Dataset items:
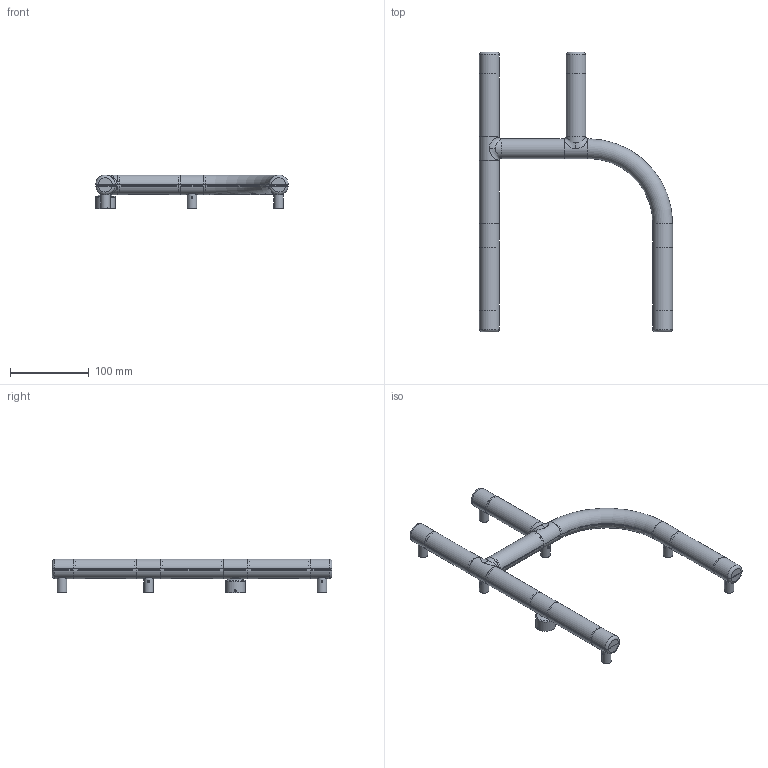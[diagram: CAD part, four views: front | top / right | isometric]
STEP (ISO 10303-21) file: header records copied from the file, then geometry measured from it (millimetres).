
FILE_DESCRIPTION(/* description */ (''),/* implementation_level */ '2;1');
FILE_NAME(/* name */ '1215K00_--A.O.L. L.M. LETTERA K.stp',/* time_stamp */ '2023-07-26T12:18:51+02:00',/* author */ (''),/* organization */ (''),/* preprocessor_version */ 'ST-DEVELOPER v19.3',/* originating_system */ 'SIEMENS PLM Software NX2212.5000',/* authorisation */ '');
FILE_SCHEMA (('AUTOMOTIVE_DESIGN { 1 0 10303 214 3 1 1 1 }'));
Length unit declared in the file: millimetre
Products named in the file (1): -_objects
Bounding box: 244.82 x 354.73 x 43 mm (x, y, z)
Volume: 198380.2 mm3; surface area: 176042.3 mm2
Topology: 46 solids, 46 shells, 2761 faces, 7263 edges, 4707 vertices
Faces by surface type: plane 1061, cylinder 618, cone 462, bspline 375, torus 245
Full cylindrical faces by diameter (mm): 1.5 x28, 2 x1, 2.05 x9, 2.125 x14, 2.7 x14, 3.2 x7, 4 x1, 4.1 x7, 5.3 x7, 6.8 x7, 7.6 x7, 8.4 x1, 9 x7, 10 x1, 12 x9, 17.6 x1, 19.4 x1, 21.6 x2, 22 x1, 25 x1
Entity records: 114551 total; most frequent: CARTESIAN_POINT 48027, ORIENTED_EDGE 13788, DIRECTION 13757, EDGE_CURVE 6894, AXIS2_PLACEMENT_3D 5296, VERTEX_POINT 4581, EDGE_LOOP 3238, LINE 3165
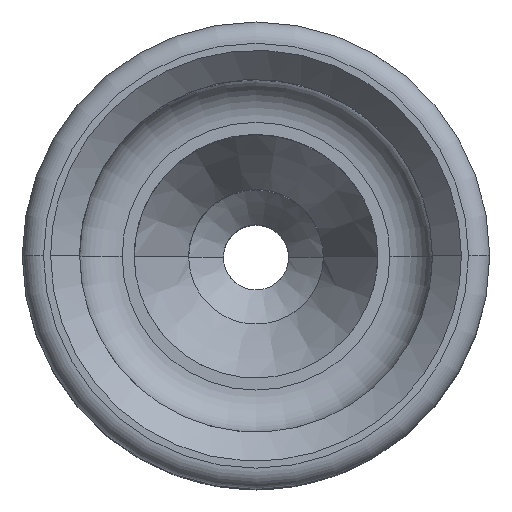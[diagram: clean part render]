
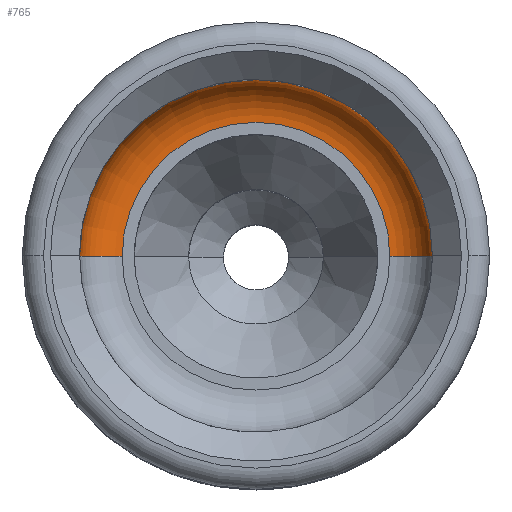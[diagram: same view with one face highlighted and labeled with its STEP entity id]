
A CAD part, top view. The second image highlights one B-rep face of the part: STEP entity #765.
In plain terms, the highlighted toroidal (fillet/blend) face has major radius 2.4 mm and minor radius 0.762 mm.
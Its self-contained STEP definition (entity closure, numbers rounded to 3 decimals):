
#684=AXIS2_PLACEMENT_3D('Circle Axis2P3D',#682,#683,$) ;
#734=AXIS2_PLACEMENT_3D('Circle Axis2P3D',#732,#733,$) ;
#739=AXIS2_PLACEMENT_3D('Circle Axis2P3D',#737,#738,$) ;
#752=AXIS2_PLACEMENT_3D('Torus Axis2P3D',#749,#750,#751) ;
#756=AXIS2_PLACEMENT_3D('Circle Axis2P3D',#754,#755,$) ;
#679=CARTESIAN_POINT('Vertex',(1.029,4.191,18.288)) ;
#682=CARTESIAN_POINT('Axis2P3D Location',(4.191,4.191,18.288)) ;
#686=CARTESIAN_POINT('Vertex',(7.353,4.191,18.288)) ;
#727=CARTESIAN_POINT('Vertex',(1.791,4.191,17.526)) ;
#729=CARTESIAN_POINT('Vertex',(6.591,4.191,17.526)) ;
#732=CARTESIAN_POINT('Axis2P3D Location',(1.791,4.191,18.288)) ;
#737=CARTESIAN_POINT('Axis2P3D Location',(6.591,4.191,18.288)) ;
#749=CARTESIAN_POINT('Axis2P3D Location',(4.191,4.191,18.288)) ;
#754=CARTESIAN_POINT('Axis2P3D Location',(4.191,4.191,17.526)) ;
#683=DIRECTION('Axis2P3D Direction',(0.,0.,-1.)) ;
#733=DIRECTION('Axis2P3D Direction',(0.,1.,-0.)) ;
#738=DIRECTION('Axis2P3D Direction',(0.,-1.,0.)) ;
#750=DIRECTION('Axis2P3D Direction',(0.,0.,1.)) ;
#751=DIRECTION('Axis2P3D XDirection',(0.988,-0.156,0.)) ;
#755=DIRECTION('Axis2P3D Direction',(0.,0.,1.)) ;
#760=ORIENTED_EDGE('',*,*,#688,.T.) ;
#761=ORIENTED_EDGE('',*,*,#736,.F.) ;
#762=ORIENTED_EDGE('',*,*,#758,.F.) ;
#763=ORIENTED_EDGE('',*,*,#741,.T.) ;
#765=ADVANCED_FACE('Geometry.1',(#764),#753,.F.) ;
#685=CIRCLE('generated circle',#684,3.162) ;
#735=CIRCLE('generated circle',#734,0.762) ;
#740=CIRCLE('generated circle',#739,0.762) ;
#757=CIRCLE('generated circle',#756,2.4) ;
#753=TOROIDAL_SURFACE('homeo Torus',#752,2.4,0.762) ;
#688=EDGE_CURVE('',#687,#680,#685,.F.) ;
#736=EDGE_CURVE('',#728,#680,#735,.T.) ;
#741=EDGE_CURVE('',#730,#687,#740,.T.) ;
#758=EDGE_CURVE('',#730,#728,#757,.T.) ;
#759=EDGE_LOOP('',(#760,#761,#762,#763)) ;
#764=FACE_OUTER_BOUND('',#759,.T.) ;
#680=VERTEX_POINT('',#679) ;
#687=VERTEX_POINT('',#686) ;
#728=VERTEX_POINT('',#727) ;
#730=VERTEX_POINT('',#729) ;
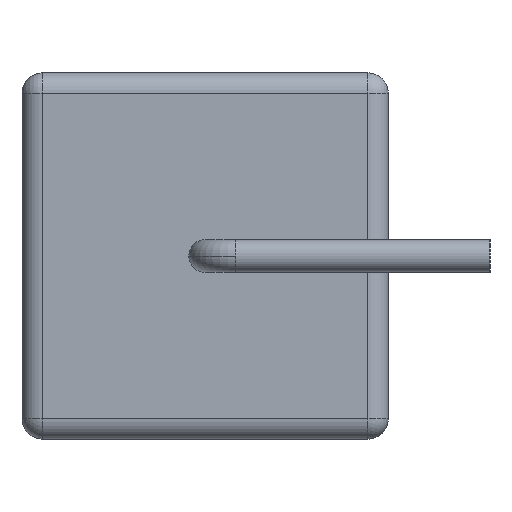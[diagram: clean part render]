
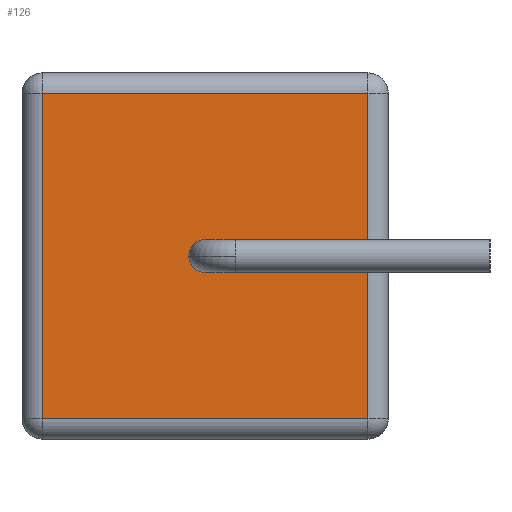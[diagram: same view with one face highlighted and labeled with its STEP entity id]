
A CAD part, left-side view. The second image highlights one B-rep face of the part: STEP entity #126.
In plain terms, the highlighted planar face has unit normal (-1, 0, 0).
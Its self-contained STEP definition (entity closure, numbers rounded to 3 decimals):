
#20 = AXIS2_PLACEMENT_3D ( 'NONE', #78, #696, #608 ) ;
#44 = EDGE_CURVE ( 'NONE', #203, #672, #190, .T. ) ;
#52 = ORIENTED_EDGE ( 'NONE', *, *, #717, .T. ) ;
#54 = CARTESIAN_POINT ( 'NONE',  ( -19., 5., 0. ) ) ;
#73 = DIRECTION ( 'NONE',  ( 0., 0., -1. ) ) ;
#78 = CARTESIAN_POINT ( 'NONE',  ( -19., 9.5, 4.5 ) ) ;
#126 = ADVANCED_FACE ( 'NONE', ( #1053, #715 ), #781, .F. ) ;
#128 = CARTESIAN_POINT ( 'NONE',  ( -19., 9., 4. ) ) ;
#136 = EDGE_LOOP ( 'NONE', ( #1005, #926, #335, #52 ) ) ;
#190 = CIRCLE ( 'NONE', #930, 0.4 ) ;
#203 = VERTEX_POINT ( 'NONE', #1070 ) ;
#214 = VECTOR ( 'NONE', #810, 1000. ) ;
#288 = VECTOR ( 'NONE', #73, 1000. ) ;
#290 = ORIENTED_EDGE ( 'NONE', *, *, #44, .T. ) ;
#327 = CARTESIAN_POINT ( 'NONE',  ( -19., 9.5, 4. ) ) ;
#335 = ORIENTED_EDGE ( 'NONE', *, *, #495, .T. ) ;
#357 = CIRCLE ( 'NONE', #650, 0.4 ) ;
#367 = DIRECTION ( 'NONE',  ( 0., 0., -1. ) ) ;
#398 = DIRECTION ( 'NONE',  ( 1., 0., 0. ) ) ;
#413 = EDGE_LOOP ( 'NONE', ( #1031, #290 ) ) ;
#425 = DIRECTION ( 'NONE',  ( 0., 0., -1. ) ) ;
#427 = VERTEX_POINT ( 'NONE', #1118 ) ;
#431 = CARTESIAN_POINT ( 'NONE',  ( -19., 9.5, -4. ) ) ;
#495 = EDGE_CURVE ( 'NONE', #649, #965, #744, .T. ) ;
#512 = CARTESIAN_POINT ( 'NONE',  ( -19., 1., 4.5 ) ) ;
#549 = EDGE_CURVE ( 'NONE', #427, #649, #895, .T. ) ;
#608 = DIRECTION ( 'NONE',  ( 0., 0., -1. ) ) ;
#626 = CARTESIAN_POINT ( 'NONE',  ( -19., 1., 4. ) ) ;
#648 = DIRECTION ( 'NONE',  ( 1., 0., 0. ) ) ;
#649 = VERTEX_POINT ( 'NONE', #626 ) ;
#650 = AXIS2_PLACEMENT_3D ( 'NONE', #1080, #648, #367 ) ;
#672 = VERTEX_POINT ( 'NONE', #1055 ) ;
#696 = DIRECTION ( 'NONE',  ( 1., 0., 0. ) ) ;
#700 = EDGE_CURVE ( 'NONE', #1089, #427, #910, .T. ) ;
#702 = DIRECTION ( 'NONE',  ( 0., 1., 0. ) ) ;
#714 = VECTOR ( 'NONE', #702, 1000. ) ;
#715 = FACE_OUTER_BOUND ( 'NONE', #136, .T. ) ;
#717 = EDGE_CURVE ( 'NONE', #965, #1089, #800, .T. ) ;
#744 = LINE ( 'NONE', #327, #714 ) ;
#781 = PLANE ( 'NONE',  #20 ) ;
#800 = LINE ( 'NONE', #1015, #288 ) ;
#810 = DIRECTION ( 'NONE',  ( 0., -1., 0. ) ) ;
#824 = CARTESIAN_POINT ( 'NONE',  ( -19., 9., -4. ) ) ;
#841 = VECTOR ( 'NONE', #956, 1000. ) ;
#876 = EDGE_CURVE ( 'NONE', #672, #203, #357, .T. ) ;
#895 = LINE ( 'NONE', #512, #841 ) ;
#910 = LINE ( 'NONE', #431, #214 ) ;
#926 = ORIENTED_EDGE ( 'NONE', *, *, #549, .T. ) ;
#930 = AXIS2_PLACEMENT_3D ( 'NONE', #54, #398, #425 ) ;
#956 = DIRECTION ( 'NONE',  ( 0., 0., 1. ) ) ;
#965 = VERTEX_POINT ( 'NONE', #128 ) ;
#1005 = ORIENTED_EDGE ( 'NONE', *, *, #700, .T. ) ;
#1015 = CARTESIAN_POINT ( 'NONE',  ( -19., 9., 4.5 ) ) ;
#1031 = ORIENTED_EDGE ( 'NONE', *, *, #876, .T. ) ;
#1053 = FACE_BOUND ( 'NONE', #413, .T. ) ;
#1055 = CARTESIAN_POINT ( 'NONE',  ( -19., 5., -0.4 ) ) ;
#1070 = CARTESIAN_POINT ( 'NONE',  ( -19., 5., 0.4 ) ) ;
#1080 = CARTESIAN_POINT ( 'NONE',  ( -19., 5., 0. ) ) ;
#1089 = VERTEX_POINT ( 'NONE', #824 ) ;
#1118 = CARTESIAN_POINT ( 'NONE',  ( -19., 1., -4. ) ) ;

Exercise requirements:
Using the entries above, give back exactly the line containing "#626 = CARTESIAN_POINT", the line containing "#1055 = CARTESIAN_POINT", and every line between them, and nothing else.

Output below:
#626 = CARTESIAN_POINT ( 'NONE',  ( -19., 1., 4. ) ) ;
#648 = DIRECTION ( 'NONE',  ( 1., 0., 0. ) ) ;
#649 = VERTEX_POINT ( 'NONE', #626 ) ;
#650 = AXIS2_PLACEMENT_3D ( 'NONE', #1080, #648, #367 ) ;
#672 = VERTEX_POINT ( 'NONE', #1055 ) ;
#696 = DIRECTION ( 'NONE',  ( 1., 0., 0. ) ) ;
#700 = EDGE_CURVE ( 'NONE', #1089, #427, #910, .T. ) ;
#702 = DIRECTION ( 'NONE',  ( 0., 1., 0. ) ) ;
#714 = VECTOR ( 'NONE', #702, 1000. ) ;
#715 = FACE_OUTER_BOUND ( 'NONE', #136, .T. ) ;
#717 = EDGE_CURVE ( 'NONE', #965, #1089, #800, .T. ) ;
#744 = LINE ( 'NONE', #327, #714 ) ;
#781 = PLANE ( 'NONE',  #20 ) ;
#800 = LINE ( 'NONE', #1015, #288 ) ;
#810 = DIRECTION ( 'NONE',  ( 0., -1., 0. ) ) ;
#824 = CARTESIAN_POINT ( 'NONE',  ( -19., 9., -4. ) ) ;
#841 = VECTOR ( 'NONE', #956, 1000. ) ;
#876 = EDGE_CURVE ( 'NONE', #672, #203, #357, .T. ) ;
#895 = LINE ( 'NONE', #512, #841 ) ;
#910 = LINE ( 'NONE', #431, #214 ) ;
#926 = ORIENTED_EDGE ( 'NONE', *, *, #549, .T. ) ;
#930 = AXIS2_PLACEMENT_3D ( 'NONE', #54, #398, #425 ) ;
#956 = DIRECTION ( 'NONE',  ( 0., 0., 1. ) ) ;
#965 = VERTEX_POINT ( 'NONE', #128 ) ;
#1005 = ORIENTED_EDGE ( 'NONE', *, *, #700, .T. ) ;
#1015 = CARTESIAN_POINT ( 'NONE',  ( -19., 9., 4.5 ) ) ;
#1031 = ORIENTED_EDGE ( 'NONE', *, *, #876, .T. ) ;
#1053 = FACE_BOUND ( 'NONE', #413, .T. ) ;
#1055 = CARTESIAN_POINT ( 'NONE',  ( -19., 5., -0.4 ) ) ;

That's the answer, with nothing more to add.